Okay. So maybe math isn’t my biggest fear. That would be failure or ghosts; waking up in a bed full of cockroaches; getting shot; being stranded in the desert…alone; plummeting head first from a very tall cliff. I could continue here, but I’ll save you from the misery. Although math may not be my biggest fear, it still scares me. I’m talking about sweaty palms, pale face, racing heart with that deer-stuck-in-the-headlights look on my face.
I haven’t had a math class since my freshman year of college. I can’t even tell you what course it was, but I do remember my professor. The great Mickey Smith. He loved me. I think it had something to do with the fact that I was the only student who never missed a class and the only student who made an “A” on every single assignment and every single test. Just call me a nerd.
High school wasn’t so bad either. Fortunately I have a wonderful mom who is a math genius. She’s from Egypt, so I swear it has something to do with that ancient, Middle Eastern blood of hers. She would sit with me, night after night, as I cried into my math textbooks, shredding my homework into tiny bits of paper that I’d toss around the room as I repeatedly screamed, “I GIVE UP!” Why she put up with that nonsense, I don’t know. I never acted that way with anything else. Just math. I think the fact that I actually struggled with something just got to me.
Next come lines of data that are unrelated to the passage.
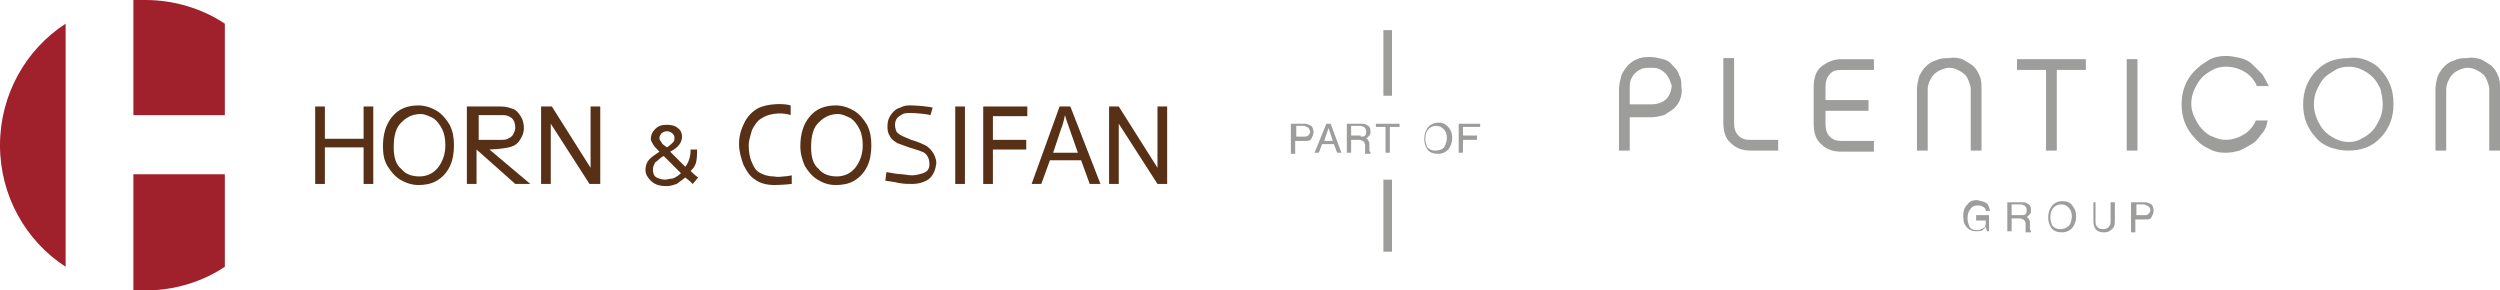 <?xml version="1.0" encoding="UTF-8"?>
<svg id="Ebene_1" data-name="Ebene 1" xmlns="http://www.w3.org/2000/svg" viewBox="0 0 232.4 27">
  <defs>
    <style>
      .cls-1 {
        fill: #9d9d9c;
      }

      .cls-2 {
        fill: #573016;
      }

      .cls-3 {
        fill: #a0202c;
      }
    </style>
  </defs>
  <g id="Ebene_1-2" data-name="Ebene 1">
    <g>
      <g>
        <g>
          <g>
            <path class="cls-1" d="M184.5,18.8c.3.1.4.4.5.8h-.4c0-.2-.1-.3-.3-.4-.1-.1-.3-.1-.5-.1s-.5.1-.6.3c-.2.2-.3.5-.3.9,0,.3.1.6.2.8.1.2.4.3.7.3.2,0,.4-.1.6-.2.2-.1.2-.4.2-.7h-.9v-.5h1.2v1.5h-.2l-.1-.4c-.1.1-.2.2-.3.3-.2.1-.4.1-.6.1-.3,0-.6-.1-.8-.3-.3-.3-.4-.6-.4-1.1s.1-.8.4-1.1c.2-.3.5-.4.9-.4.3.1.5.1.7.2Z"/>
            <path class="cls-1" d="M186.7,18.8h1.2c.2,0,.4,0,.5.1.3.1.4.3.4.6,0,.2,0,.3-.1.4s-.2.2-.3.3c.1,0,.2.1.2.2.1.1.1.2.1.3v.6c0,.1.1.1.1.2v.1h-.5v-.8c0-.2-.1-.3-.2-.4-.1,0-.2-.1-.3-.1h-.8v1.2h-.4v-2.7h.1ZM187.9,20c.2,0,.3,0,.4-.1.1-.1.1-.2.1-.4s-.1-.3-.2-.4c-.1,0-.2-.1-.3-.1h-.9v1h.9Z"/>
            <path class="cls-1" d="M192.7,19.2c.2.2.3.6.3.9,0,.4-.1.7-.3,1s-.6.5-1,.5-.8-.1-1-.4-.3-.6-.3-1,.1-.7.3-1,.6-.5,1-.5.8.1,1,.5ZM192.4,20.9c.1-.2.2-.5.2-.8s-.1-.6-.3-.8c-.2-.2-.4-.3-.7-.3s-.5.1-.7.3c-.2.2-.3.5-.3.9,0,.3.1.6.2.8.2.2.4.3.7.3.5,0,.7-.2.9-.4Z"/>
            <path class="cls-1" d="M194.8,18.8v1.7c0,.2,0,.4.1.5.1.2.3.3.6.3s.5-.1.6-.3c.1-.1.1-.3.1-.5v-1.7h.4v1.5c0,.3,0,.6-.1.8-.2.3-.5.5-.9.5-.5,0-.8-.2-.9-.5-.1-.2-.1-.4-.1-.8v-1.5h.2Z"/>
            <path class="cls-1" d="M198.2,18.8h1.2c.2,0,.4.1.6.2.1.1.2.3.2.6,0,.2-.1.4-.2.6-.1.2-.3.2-.6.2h-.9v1.2h-.4v-2.8h.1ZM199.6,19.1c-.1,0-.2-.1-.3-.1h-.7v1h.7c.2,0,.3,0,.4-.1.1-.1.2-.2.2-.4,0-.1-.1-.3-.3-.4Z"/>
          </g>
          <g>
            <path class="cls-1" d="M156.2,9.2c-.1.3-.3.6-.6.9-.3.2-.6.4-.9.6-.4.1-.8.2-1.2.2h-2v3.1h-1v-5.7c0-.4.1-.8.2-1.2.1-.4.4-.7.6-1,.3-.3.6-.5.9-.6.4-.2.8-.2,1.2-.2s.8.1,1.2.2.7.3.9.6c.3.3.5.5.6.9.2.3.2.7.2,1.1.1.4,0,.8-.1,1.1ZM155.2,7.4c-.1-.2-.2-.4-.4-.6s-.4-.3-.6-.4c-.2-.1-.5-.1-.8-.1s-.5,0-.8.1c-.2.1-.4.2-.6.4-.2.2-.3.4-.4.6-.1.3-.1.5-.1.8v1.5h2c.6,0,1.1-.2,1.4-.5.3-.3.5-.8.5-1.3-.1-.1-.1-.3-.2-.5Z"/>
            <path class="cls-1" d="M165.3,13v1h-2.5c-.8,0-1.4-.2-1.9-.7-.5-.4-.7-1.1-.7-1.9v-6h1v6c0,.5.1.9.4,1.2s.6.4,1.1.4h2.6Z"/>
            <path class="cls-1" d="M169.7,9.3h4v1h-4v1.2c0,.5.1.9.4,1.2s.6.4,1.1.4h3v1h-3c-.8,0-1.4-.2-1.9-.7-.5-.4-.7-1.1-.7-1.9v-3.4c0-.8.2-1.5.7-1.9s1.1-.7,1.9-.7h3v1h-3c-.5,0-.9.1-1.1.4-.3.3-.4.7-.4,1.2v1.2Z"/>
            <path class="cls-1" d="M182.4,5.5c.4.2.7.4,1,.6.3.3.5.6.6.9.2.4.2.8.2,1.2v5.8h-1v-5.7c0-.3-.1-.5-.2-.8-.1-.2-.2-.5-.4-.6-.2-.2-.4-.3-.6-.4-.2-.1-.5-.2-.8-.2s-.5.1-.8.2c-.2.1-.4.2-.6.4-.2.2-.3.4-.4.6-.1.2-.2.5-.2.8v5.7h-1v-5.7c0-.4.1-.8.2-1.2.2-.4.4-.7.6-.9.3-.3.6-.5,1-.6.4-.2.8-.2,1.2-.2.5-.1.9,0,1.2.1Z"/>
            <path class="cls-1" d="M191.2,6.5v7.5h-1v-7.5h-2.7v-1h6.4v1h-2.7Z"/>
            <path class="cls-1" d="M198.7,14h-1V5.5h1v8.5Z"/>
            <path class="cls-1" d="M210.2,12.5c-.3.4-.5.7-.9.9-.3.2-.7.4-1.1.6-.4.1-.8.2-1.3.2-.6,0-1.1-.1-1.6-.4-.5-.2-1-.6-1.3-1-.4-.4-.7-.9-.9-1.4s-.3-1.1-.3-1.7.1-1.2.3-1.7.5-1,.9-1.4.8-.7,1.3-1,1.1-.4,1.6-.4.9.1,1.4.2c.4.1.8.3,1.1.6.3.3.6.6.9.9.2.3.4.7.6,1.1h-1.1c-.2-.5-.6-1-1.1-1.3s-1.1-.5-1.8-.5c-.4,0-.9.1-1.2.3-.4.2-.7.4-1,.7-.3.3-.5.7-.7,1.1-.2.4-.3.9-.3,1.3,0,.5.1.9.3,1.3.2.4.4.8.7,1.1s.6.6,1,.7c.4.2.8.3,1.2.3.6,0,1.2-.2,1.7-.5s.9-.8,1.1-1.3h1.1c-.1.6-.3,1-.6,1.3Z"/>
            <path class="cls-1" d="M220,5.6c.5.2,1,.5,1.3.9.4.4.7.9.9,1.4.2.5.3,1.1.3,1.8,0,.6-.1,1.2-.3,1.7s-.5,1-.9,1.4-.8.7-1.3.9-1.1.3-1.7.3-1.1-.1-1.7-.3c-.5-.2-1-.5-1.3-.9-.4-.4-.7-.9-.9-1.4s-.3-1.1-.3-1.7.1-1.2.3-1.7.5-1,.9-1.4.8-.7,1.3-.9c.5-.2,1.1-.3,1.7-.3.6-.1,1.2,0,1.7.2ZM219.5,12.9c.4-.2.7-.4,1-.7s.5-.7.7-1.1c.2-.4.3-.9.3-1.4s-.1-.9-.2-1.4c-.2-.4-.4-.8-.7-1.1-.3-.3-.6-.5-1-.7s-.8-.3-1.3-.3c-.4,0-.9.1-1.2.3s-.7.4-1,.7c-.3.3-.5.7-.7,1.1-.2.4-.3.9-.3,1.4s.1.9.3,1.4c.2.4.4.8.7,1.1s.6.5,1,.7.8.3,1.2.3c.5,0,.9-.1,1.2-.3Z"/>
            <path class="cls-1" d="M230.6,5.5c.4.2.7.4,1,.6.3.3.5.6.6.9.2.4.2.8.2,1.2v5.8h-1v-5.7c0-.3-.1-.5-.2-.8-.1-.2-.2-.5-.4-.6-.2-.2-.4-.3-.6-.4-.2-.1-.5-.2-.8-.2s-.5.1-.8.2c-.2.1-.4.2-.6.4-.2.2-.3.4-.4.6-.1.2-.2.5-.2.8v5.7h-1v-5.7c0-.4.1-.8.2-1.2.2-.4.4-.7.6-.9.3-.3.6-.5,1-.6.4-.2.8-.2,1.2-.2.4-.1.8,0,1.2.1Z"/>
          </g>
        </g>
        <g>
          <g>
            <rect class="cls-1" x="128.6" y="16.7" width=".8" height="6.7"/>
            <rect class="cls-1" x="128.6" y="2.8" width=".8" height="6.1"/>
          </g>
          <g>
            <path class="cls-1" d="M120.1,11.5h1.2c.2,0,.4.1.6.2.1.1.2.3.2.6,0,.2-.1.4-.2.6-.1.2-.3.2-.6.2h-.9v1.2h-.4v-2.8h.1ZM121.5,11.8c-.1,0-.2-.1-.3-.1h-.7v1h.7c.2,0,.3,0,.4-.1s.2-.2.2-.4c-.1-.2-.1-.3-.3-.4Z"/>
            <path class="cls-1" d="M123.3,11.5h.4l1,2.7h-.4l-.3-.8h-1.1l-.3.8h-.4l1.1-2.7ZM123.9,13.1l-.4-1.2-.4,1.2h.8Z"/>
            <path class="cls-1" d="M125.3,11.5h1.2c.2,0,.4,0,.5.1.3.1.4.3.4.6,0,.2,0,.3-.1.4-.1.1-.2.2-.3.3.1,0,.2.1.2.2.1.1.1.2.1.3v.6c0,.1.1.1.1.2v.1h-.5v-.8c0-.2-.1-.3-.2-.4-.1,0-.2-.1-.3-.1h-.8v1.2h-.4v-2.7h.1ZM126.5,12.7c.2,0,.3,0,.4-.1s.1-.2.1-.4-.1-.3-.2-.4c-.1,0-.2-.1-.3-.1h-.9v.9h.9v.1Z"/>
            <path class="cls-1" d="M130.1,11.5v.3h-.9v2.4h-.4v-2.4h-.9v-.3s2.2,0,2.2,0Z"/>
            <path class="cls-1" d="M134.7,11.9c.2.2.3.6.3.9,0,.4-.1.7-.3,1s-.6.5-1,.5-.8-.1-1-.4c-.2-.3-.3-.6-.3-1s.1-.7.3-1,.6-.5,1-.5.7.1,1,.5ZM134.3,13.6c.1-.2.2-.5.2-.8s-.1-.6-.3-.8-.4-.3-.7-.3-.5.1-.7.3-.3.5-.3.9c0,.3.1.6.2.8.2.2.4.3.7.3.5,0,.8-.2.9-.4Z"/>
            <path class="cls-1" d="M135.7,11.5h1.9v.3h-1.6v.8h1.3v.4h-1.3v1.2h-.4v-2.7h.1Z"/>
          </g>
        </g>
      </g>
      <g>
        <polygon class="cls-2" points="29.3 17.1 29.3 9.9 30.2 9.9 30.2 12.9 33.8 12.9 33.8 9.9 34.7 9.9 34.7 17.1 33.8 17.1 33.8 13.7 30.2 13.7 30.2 17.1 29.3 17.1"/>
        <path class="cls-2" d="M36.6,13.7c0,.9.2,1.6.7,2,.4.5,1,.7,1.7.7s1.3-.3,1.7-.8c.4-.5.7-1.2.7-2.1,0-.6-.1-1.1-.3-1.5s-.5-.8-.8-1c-.4-.2-.8-.4-1.2-.4-.6,0-1.2.2-1.7.7-.6.5-.8,1.3-.8,2.4M35.6,13.6c0-1.2.3-2.1.9-2.8.6-.7,1.4-1,2.4-1,.6,0,1.2.2,1.7.5s.9.8,1.2,1.3c.3.6.4,1.2.4,1.9s-.1,1.4-.4,2c-.3.6-.7,1-1.2,1.3s-1.1.4-1.7.4-1.2-.2-1.7-.5-.9-.8-1.2-1.3c-.3-.5-.4-1.1-.4-1.8"/>
        <polygon class="cls-2" points="50.3 17.1 50.3 9.9 51.3 9.9 54.9 15.6 54.9 9.9 55.8 9.9 55.8 17.1 54.8 17.1 51.2 11.5 51.2 17.1 50.3 17.1"/>
        <path class="cls-2" d="M62,13.7c.3-.2.5-.4.6-.5s.1-.3.1-.4c0-.2-.1-.3-.2-.4-.1-.1-.3-.2-.5-.2s-.4.1-.5.2c-.1.1-.2.3-.2.4s0,.2.1.3.1.2.2.3l.4.3ZM63.3,16.1l-1.6-1.6c-.4.2-.6.5-.8.6-.1.2-.2.4-.2.6s0,.5.2.7.7.3.9.3.5-.1.7-.1c.4-.1.8-.5.8-.5M63.7,16.5s-.5.4-.8.6c-.3.1-.6.2-.9.2-.6,0-1.1-.1-1.5-.5-.3-.3-.5-.6-.5-1,0-.3.1-.7.3-.9.2-.3.6-.5,1-.8-.3-.3-.5-.5-.6-.7s-.2-.3-.2-.5c0-.3.1-.6.4-.9.3-.3.6-.4,1.1-.4.4,0,.8.1,1,.3.3.2.4.5.4.8,0,.5-.3,1-1.1,1.4l1.4,1.4s.5-.5.5-1.6h.6c0,1.2-.1,1.5-.6,2,0,0,.4.4.7.6l-.5.6c-.1-.1-.3-.3-.7-.6"/>
        <path class="cls-2" d="M73.5,10.7c-.5-.2-1.8-.3-2.7.3-.4.2-.7.7-.9,1.1-.1.4-.3.9-.3,1.4,0,.6.1,1.2.3,1.6.2.5.4.8.8,1,.4.2.8.3,1.2.3.5.1.8,0,1,0s.7-.1.7-.1v.8s-.9.1-1.6.1c-.8,0-1.4-.2-1.8-.5-.5-.3-.8-.8-1.1-1.4-.2-.6-.4-1.2-.4-1.9,0-.8.2-1.4.5-2s.7-1,1.2-1.3c.9-.5,2.5-.5,3.1-.3"/>
        <path class="cls-2" d="M75.4,13.7c0,.9.2,1.6.7,2,.4.5,1,.7,1.7.7s1.3-.3,1.7-.8c.4-.5.7-1.2.7-2.1,0-.6-.1-1.1-.3-1.5-.2-.4-.5-.8-.8-1-.4-.2-.8-.4-1.2-.4-.6,0-1.2.2-1.7.7-.6.5-.8,1.3-.8,2.4M74.4,13.6c0-1.2.3-2.1.9-2.8s1.4-1,2.4-1c.6,0,1.2.2,1.7.5s.9.8,1.2,1.3c.3.6.4,1.2.4,1.9s-.1,1.4-.4,2-.7,1-1.2,1.3-1.1.4-1.7.4c-.7,0-1.2-.2-1.7-.5s-.9-.8-1.2-1.3c-.2-.5-.4-1.1-.4-1.8"/>
        <path class="cls-2" d="M86.5,10.7c-.3-.1-1.4-.2-1.9-.2-.6,0-.7.1-1,.3s-.4.5-.4.8.1.7.3.8c.2.2.5.3,1.2.6.7.2,1.1.4,1.3.5.4.2.6.5.8.8.2.4.3.8.2,1.1,0,0-.1,1-.9,1.4-.4.2-.8.3-1.3.3-.6,0-.7,0-1.3-.1-.4-.1-1.2-.2-1.2-.2l.1-.8s1.1.2,1.4.2.6.1,1,.1c.3,0,.7-.1,1-.2s.6-.3.6-.8-.1-.6-.2-.8-.4-.4-.5-.4c-.2-.1-.6-.2-1.2-.4s-.8-.3-1.1-.4c-.3-.2-.6-.4-.7-.7-.2-.3-.2-.6-.2-.9,0-.4.1-.7.3-1,.2-.3.5-.6.9-.7.4-.2.6-.2,1-.2.5,0,1.6.1,2,.2"/>
        <rect class="cls-2" x="88.8" y="9.9" width=".9" height="7.2"/>
        <polygon class="cls-2" points="91.4 17.1 91.4 9.9 95.5 9.9 95.5 10.8 92.3 10.8 92.3 13 95.4 13 95.4 13.9 92.3 13.9 92.3 17.1 91.4 17.1"/>
        <path class="cls-2" d="M97.9,14.2h2.3l-.7-2c-.2-.6-.4-1.1-.5-1.5-.1.5-.2.9-.4,1.4l-.7,2.1ZM95.9,17.1l2.6-7.2h1l2.8,7.2h-1l-.8-2.2h-2.9l-.8,2.2h-.9Z"/>
        <polygon class="cls-2" points="103.1 17.1 103.1 9.9 104 9.9 107.6 15.6 107.6 9.9 108.5 9.9 108.5 17.1 107.6 17.1 104 11.5 104 17.1 103.1 17.1"/>
        <path class="cls-2" d="M44.5,10.7h2.2c.5,0,.6.1.9.3.2.2.3.5.3.9,0,.2-.1.4-.2.6-.1.2-.3.3-.5.4-.2.1-.3.1-.7.1h-2v-2.3ZM49.3,17.1l-3.8-3.2c2.2-.1,2.4-.4,2.7-.7.3-.4.5-.8.5-1.3,0-.4-.1-.8-.3-1.1s-.4-.6-.8-.7c-.3-.1-.5-.2-1.1-.2h-3.1v7.2h.9v-3.2l3.6,3.2h1.4Z"/>
      </g>
      <path class="cls-3" d="M12.4,27h1.1c2.7,0,5.3-.8,7.4-2.2v-8.6h-8.5v10.8ZM13.5,0h-1.1v10.7h8.5V2.2C18.8.8,16.2,0,13.5,0M0,13.5c0,4.7,2.4,8.9,6.1,11.3V2.2C2.4,4.6,0,8.8,0,13.5"/>
    </g>
  </g>
</svg>

But somehow I always ended up with an “A” in math, well, except for Geometry. The only math course I’ve ever made a “B” in. Calculus, Algebra I & II, Trig: not a problem. So why am I scared of math?
It’s the numbers, man.
There’s just something about them. It’s like my mind freezes up. Yesterday in my Contemporary Issues course, Dr. Roberts gave us a hands-on lecture on precision journalism. He had us calculate the per-cap, per-resident, inflation rate…you know, I can’t even tell you what we did. But I did it, and I halfway understood what was going on. But if you asked me to go back and do it, say, a week later, I wouldn’t even know where to begin. That’s why I bombed the math portion of the ACT and the GRE. Numbers and equations are scary.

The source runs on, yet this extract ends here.